Monday, 15 December 2008

Testing web applications? Cucumber is the cool new kid on the block

I've had quite complimentary things to say about Canoo WebTest, but one thing it doesn't provide out of the box is a representation of the tests that your average customer is able to read and understand intuitively - that is to say, a tabular format like Fit or a narrative of the "Given... when... then... " form.

Cucumber to the rescue! I heard several people mention this at the recent XP Day in London. I hope to investigate it in more depth soon.

I would be interested to know whether it can be used to test anything other than Ruby code and whether it can drive a web browser to interact with Rich Internet Applications (RIAs). Stuart Ervine's and Nat Pryce's GWT development demo at XP Day was truly impressive. Nat has combined WebDriver with WindowLicker to create a clean interface between a test script and synchronous or asynchronous RIAs. But telling a jUnit test to move the mouse cursor into a particular widget and click the button was nothing if not verbose!

4 comments:

SimoneC said...

Cucumber is the the new name of rSpec, specifically it is used to specify user acceptance test. To drive a web app you need to use Cucumber with other tools like Watir or Selenium.
I wrote a couple of example on how to use Cucumber with Watir and in my team we are using it together with FunFx to write acceptance test for Flex. If you are interested I can show you something when I'm back in London :)...

Nat Pryce said...

Hi Immo. The gestures in the test we demo'd was verbose because we wrote out the entire gesture at the lowest level: move the mouse to the center of the element, click button 1, etc.

In practice, those gestures are issued by higher-level drivers that represent how one interacts with specific GWT widgets (e.g. press button, enter text into a field, and so on), and *those* drivers are wrapped up into drivers that represent how the user performs tasks (logs in, enters an order, etc.).

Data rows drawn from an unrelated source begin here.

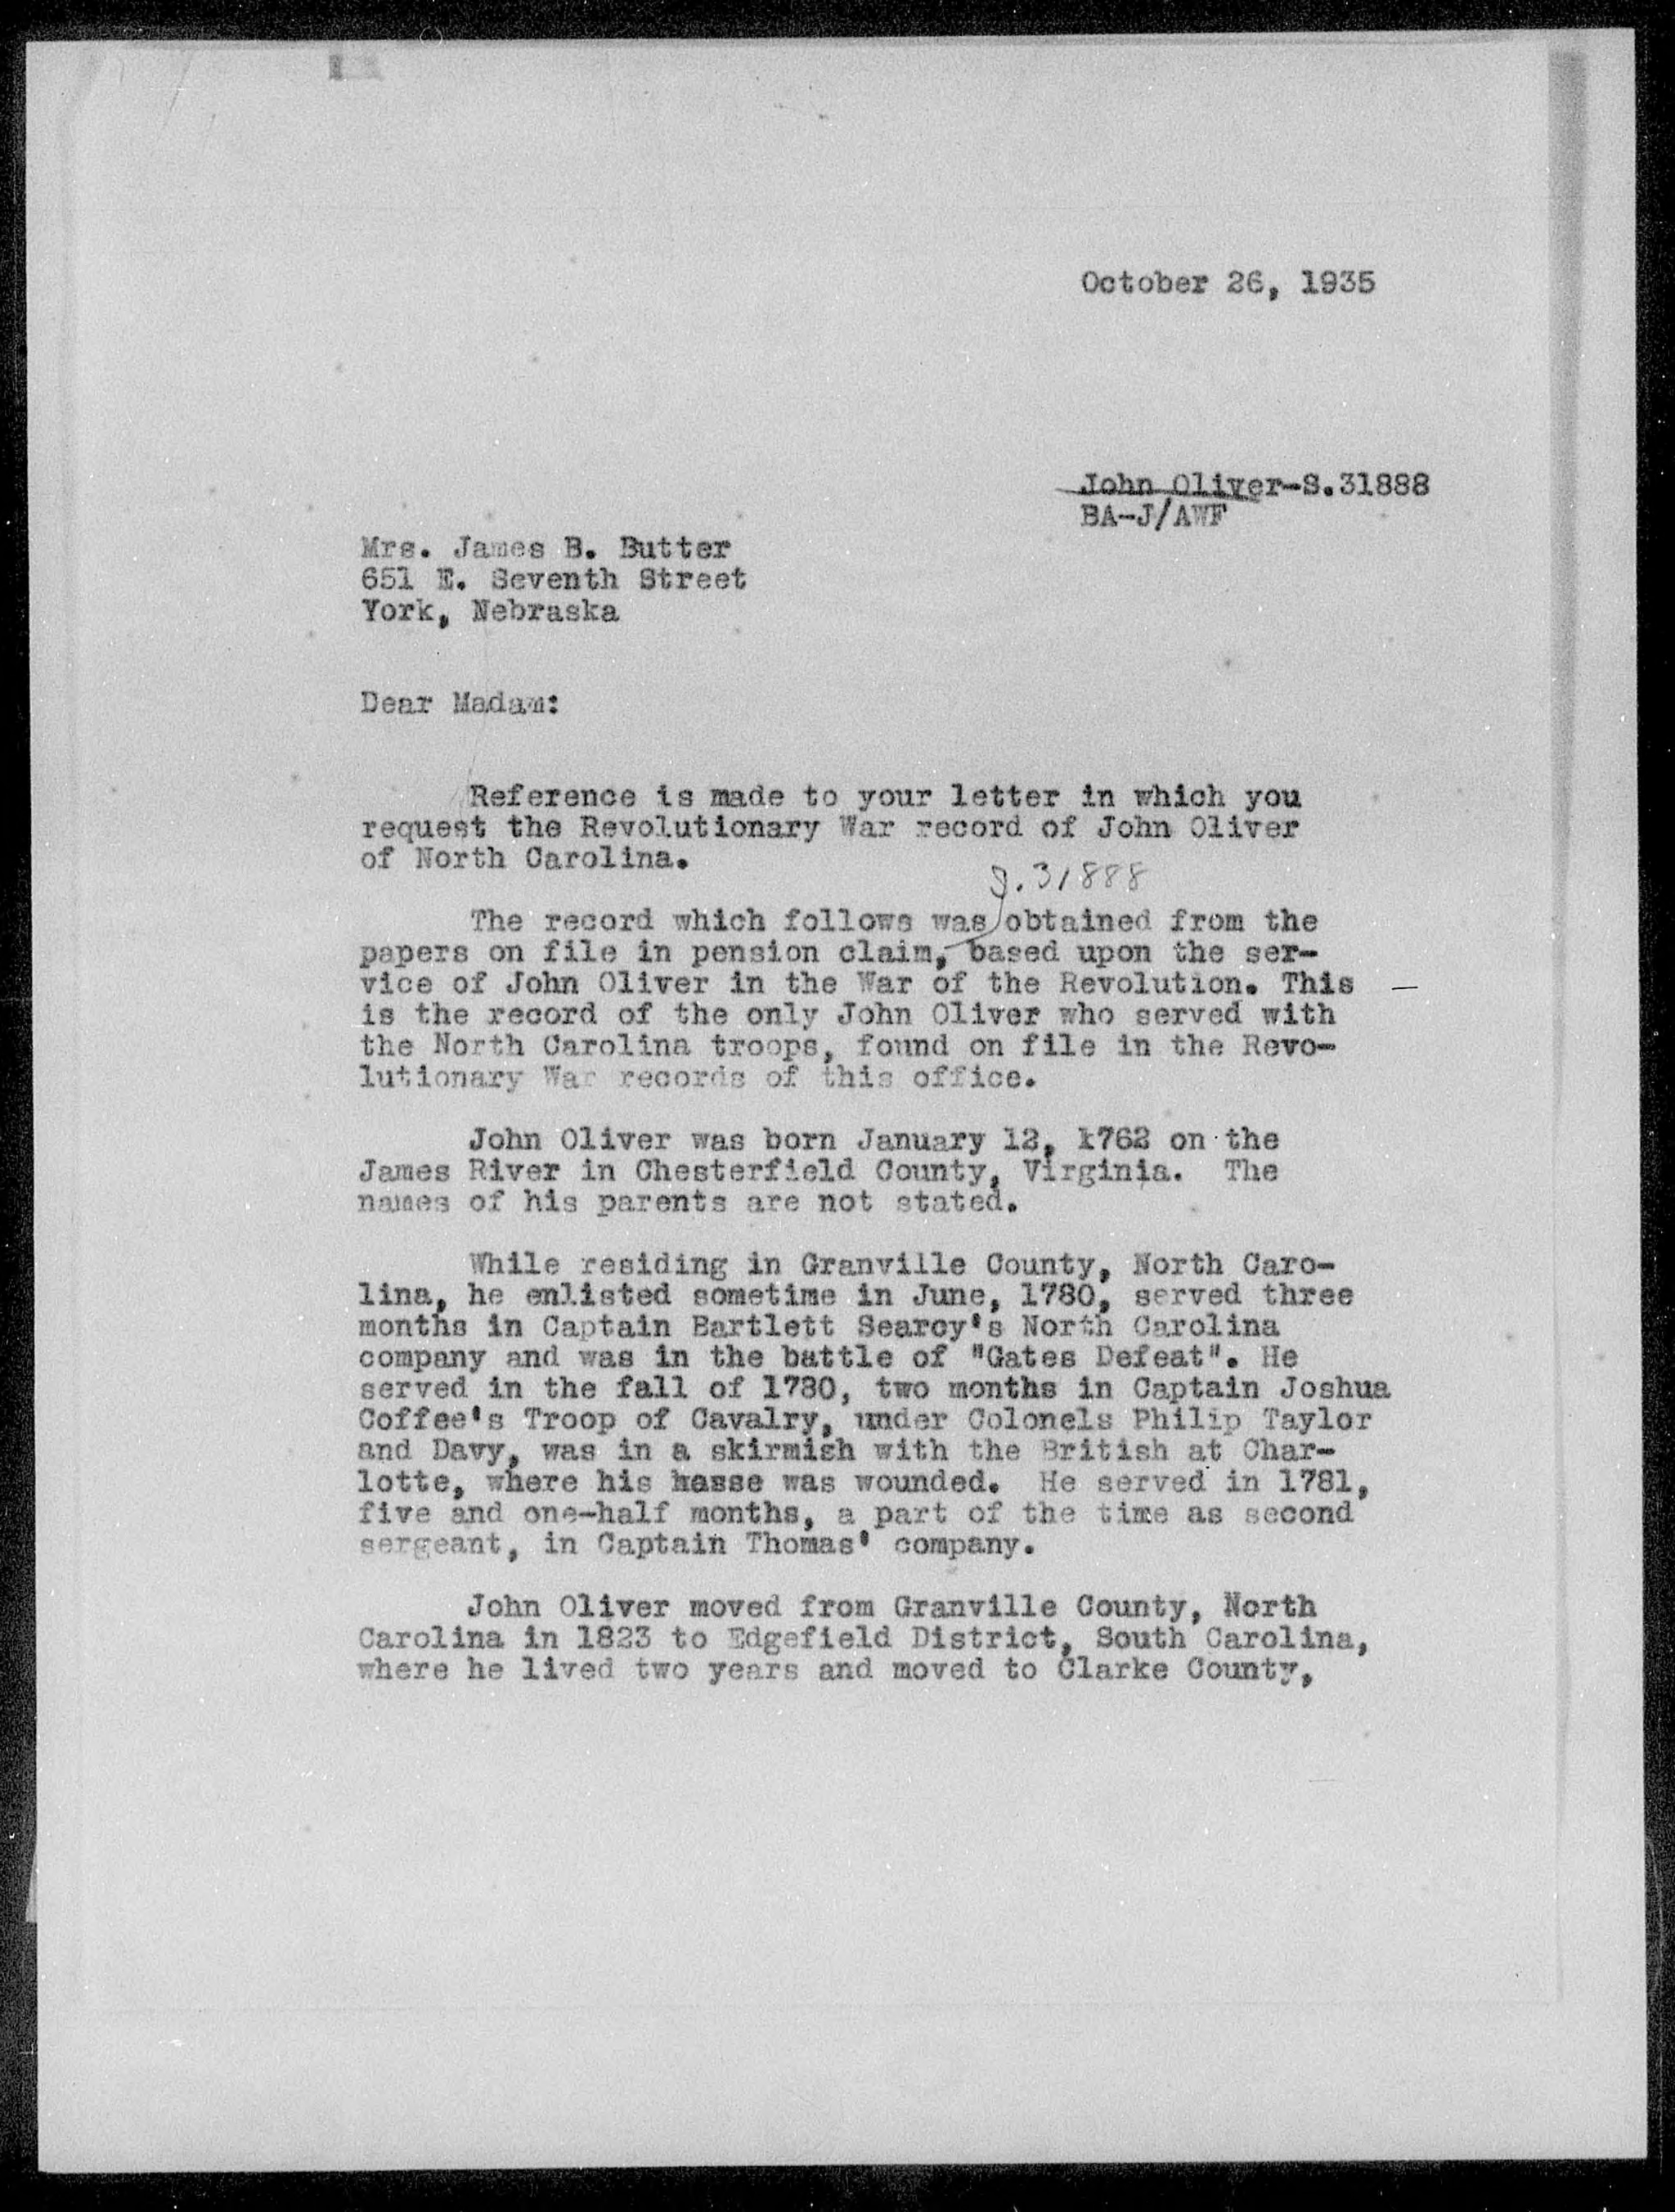John Oliver - S.31888
                            BA-J/AWF

Mrs. James B. Butter 
651 E. Seventy Street
York, Nebraska

Dear Madam:
     Reference is made to your letter in which you request the Revolutionary War record of john Oliver of North Carolina.
     The record which follows was obtained from the papers on file in pension claim S.31888, based upon the service of John Oliver in the War of the Revolution.  This is the record of the only John Oliver who served with the North Carolina troops, found on file in the Revolutionary War records of this office.
     John Oliver was born January 12, 1762 on the James River in Chesterfield County, Virginia.  The names of his parents are not stated.
     While residing in Granville County, North Carolina, he enlisted sometime in June, 1780, served three months in Captain Bartlett Searcy's North Carolina company and was in the battle of "Gates Defeat".  He served in the fall of 1780, two months in Captain Joshua coffee's Troop of Cavalry, under Colonels Philip Taylor and Davy, was in a skirmish with the British at Charlotte, where his horse was wounded.  He served in 1781, give and one-half months, a part of the time as second sergeant, in Captain Thomas' company.
     John Oliver moved from Granville County, North Carolina in 1823 to Edgefield District, South Carolina, where he lived two years and moved to Clarke County,

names: James B Butter; Philip Davy; Joshua Coffee; Philip Taylor; John Oliver
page: 8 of 32
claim: survivor's
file: S. 31888, for John Oliver, North Carolina

That structure makes tests much more concise, as the example in my "TDD of Asynchronous Systems" talk showed. But it's application specific and more than I could write in 5 minutes!

Immo Hüneke said...

Hi Simone,

I am not sure you're correct in stating that Cucumber is the new name for rSpec. According to the project home page, Cucumber was dependent on rSpec for a while, but the latest version has removed that dependency. But that's not important - I would be really keen to see your use of the tool. A good subject for a lightning talk at a forthcoming staff meeting, I think!

Best regards, Immo

SimoneC said...

Hi Immo, thanks to point that out. You are right it would be more correct to say that it is the new rSpec runner according to the rSpec website (http://rspec.info/).
I will show you a very good example that I'm working on...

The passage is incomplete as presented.